Imation Corp. 2005 Stock Incentive Plan Amendment to Stock Option Agreement
EXHIBIT 10.7
Imation Corp. 2005 Stock Incentive Plan
Amendment to Stock Option Agreement
This Amendment to Stock Option Agreement (the “Amendment”), effective as of ,
2006, between Imation Corp., a Delaware corporation (the “Company”) and , a
non-employee Director of the Company or one of its Affiliates (the “Participant”).
WHEREAS, pursuant to a Stock Option Agreement effective as of (the
“Agreement”), the Company granted the Participant an option
for
shares of the Company’s
common stock, par value $.01 per share, subject to the terms and conditions set forth in the
Agreement and in accordance with the terms and conditions of the Imation Corp. 2005 Stock Incentive
Plan (the “Plan”).
WHEREAS, Section 3 of the Plan provides that the Committee administering the Plan (the
“Committee”) has full power and authority, subject to the express provisions of the Plan and
applicable law, to amend the terms and conditions of any award granted under the Plan.
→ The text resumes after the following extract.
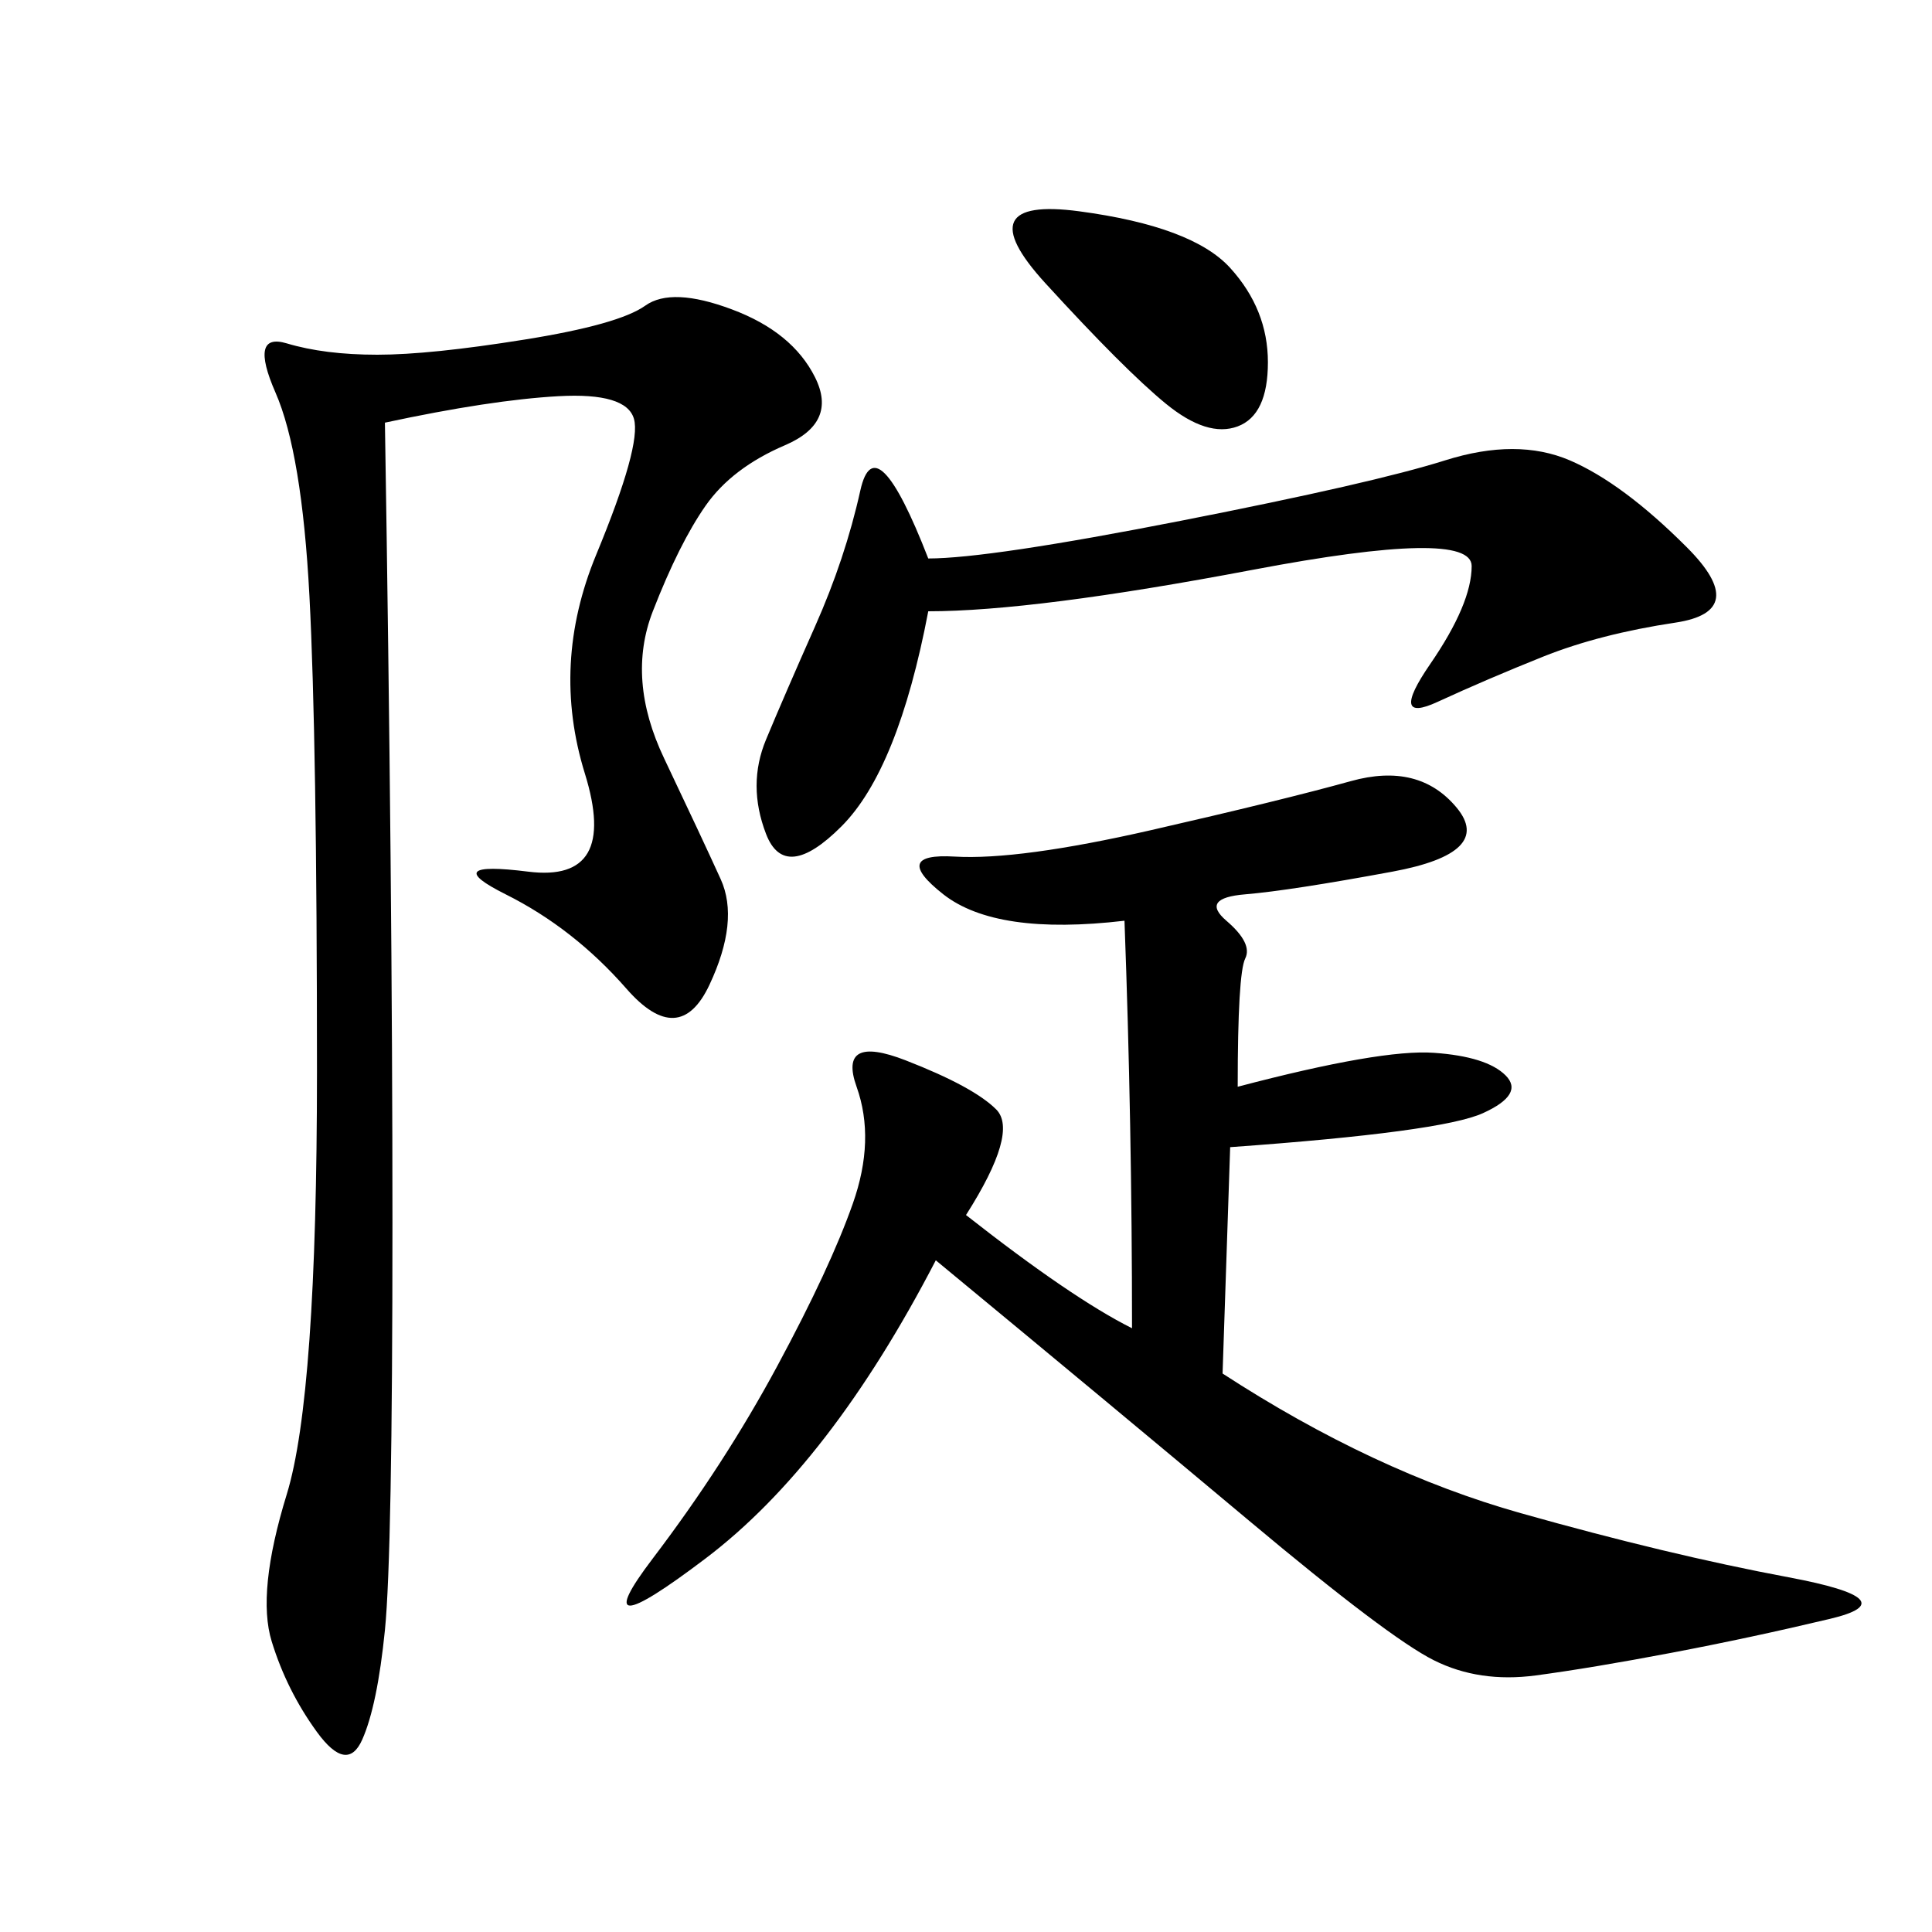 <svg xmlns="http://www.w3.org/2000/svg" xmlns:xlink="http://www.w3.org/1999/xlink" width="300" height="300"><path d="M192.19 168.75Q214.45 162.89 222.66 163.48Q230.86 164.06 233.79 166.99Q236.72 169.92 230.27 172.85Q223.83 175.78 191.02 178.13L191.02 178.13L189.84 213.28Q213.28 228.52 236.13 234.96Q258.98 241.41 277.73 244.92Q296.48 248.44 284.18 251.37Q271.88 254.30 259.57 256.64Q247.27 258.98 238.48 260.16Q229.69 261.33 222.66 257.81Q215.63 254.30 193.95 236.13Q172.27 217.97 145.31 195.70L145.31 195.70Q128.91 227.34 109.57 241.99Q90.23 256.64 101.37 241.99Q112.50 227.34 120.70 212.11Q128.91 196.88 132.42 186.91Q135.94 176.95 133.01 168.75Q130.08 160.55 140.63 164.65Q151.17 168.75 154.69 172.27Q158.20 175.78 150 188.67L150 188.67Q166.41 201.56 175.78 206.25L175.78 206.25Q175.78 174.61 174.61 142.97L174.61 142.97Q154.69 145.31 146.48 138.87Q138.28 132.42 148.24 133.01Q158.20 133.59 178.71 128.91Q199.22 124.22 209.77 121.29Q220.31 118.36 226.17 125.39Q232.03 132.42 216.21 135.35Q200.39 138.28 193.36 138.87Q186.33 139.45 190.43 142.97Q194.53 146.48 193.36 148.83Q192.19 151.17 192.19 168.75L192.19 168.75ZM59.77 65.63Q60.94 138.28 60.94 189.84L60.94 189.84Q60.94 241.41 59.77 253.13Q58.59 264.84 56.25 270.12Q53.91 275.39 49.22 268.95Q44.53 262.50 42.19 254.88Q39.84 247.27 44.53 232.03Q49.22 216.80 49.22 166.41L49.22 166.41Q49.22 114.84 48.05 92.58Q46.88 70.31 42.77 60.94Q38.67 51.56 44.53 53.32Q50.39 55.08 58.59 55.08L58.59 55.08Q66.80 55.08 81.45 52.73Q96.09 50.39 100.20 47.46Q104.30 44.53 113.67 48.05Q123.05 51.56 126.56 58.59Q130.08 65.63 121.88 69.14Q113.67 72.66 109.57 78.52Q105.47 84.38 101.37 94.92Q97.27 105.47 103.13 117.77Q108.98 130.08 111.91 136.52Q114.84 142.97 110.16 152.93Q105.47 162.89 97.27 153.52Q89.06 144.14 78.52 138.87Q67.97 133.59 82.03 135.35Q96.09 137.11 90.82 120.12Q85.55 103.13 92.58 86.13Q99.61 69.14 98.44 65.04Q97.27 60.94 86.72 61.52Q76.17 62.11 59.77 65.63L59.77 65.63ZM144.14 94.92Q139.45 119.53 130.66 128.32Q121.88 137.11 118.95 129.49Q116.02 121.88 118.95 114.84Q121.88 107.81 126.56 97.27Q131.25 86.72 133.59 76.17Q135.94 65.63 144.14 86.72L144.14 86.72Q153.52 86.72 183.40 80.86Q213.28 75 224.41 71.48Q235.55 67.97 243.75 71.48Q251.95 75 261.91 84.96Q271.88 94.92 260.16 96.68Q248.44 98.44 239.65 101.95Q230.86 105.47 223.24 108.98Q215.63 112.50 222.07 103.13Q228.52 93.75 228.52 87.89L228.52 87.89Q228.52 82.03 194.53 88.48Q160.55 94.92 144.14 94.92L144.14 94.92ZM167.58 32.81Q185.16 35.16 191.02 41.60Q196.88 48.05 196.88 56.25L196.88 56.25Q196.88 64.45 192.19 66.21Q187.50 67.97 181.05 62.70Q174.61 57.42 162.30 43.95Q150 30.47 167.58 32.81L167.58 32.81Z"/></svg>

WHEREAS, pursuant to Section 3 of the Plan, the Committee has determined to amend the
Agreement in the manner set forth below.
NOW, THEREFORE, for good and valuable consideration, the receipt and adequacy of which are
hereby acknowledged, the Company and the Participant hereby agree to amend the Agreement as
follows:
1. Section 6(e) of the Agreement is hereby amended in its entirety to read as follows:
(e) Notwithstanding the provisions of Sections 4, 6(a), 6(c) and 6(d) hereof, in the event of
a Change of Control, the Option shall become immediately exercisable in full as of the date of the
Change of Control, and the exercise of the Option may be effected at any time within six (6) months
after the date of the Change of Control (if the Change of Control would also have constituted a
Change of Control under this Agreement prior to the amendment of this Agreement dated ,
2006 (the “2006 Amendment”), which definition prior to the 2006 Amendment is set forth in Exhibit A
to the 2006 Amendment), or thirty (30) days after the date of the Change of Control (if the Change
of Control would not have constituted a Change of Control under this Agreement prior to the 2006
Amendment), but not after the Expiration Date. In the event that the provisions of this Section
6(e) result in “payments” that are finally and conclusively determined by a court or Internal
Revenue Service proceeding to be subject to the excise tax imposed by Section 4999 of the Code, the
Company shall pay to the Participant an additional amount such that the net amount retained by the
Participant following realization of all compensation under the Plan that resulted in such
“payments,” after allowing for the amount of such excise tax and any additional federal, state and
local income and employment taxes paid on
the additional amount, shall be equal to the net amount that would otherwise have been retained by
the Participant if there were no excise tax imposed by Section 4999 of the Code.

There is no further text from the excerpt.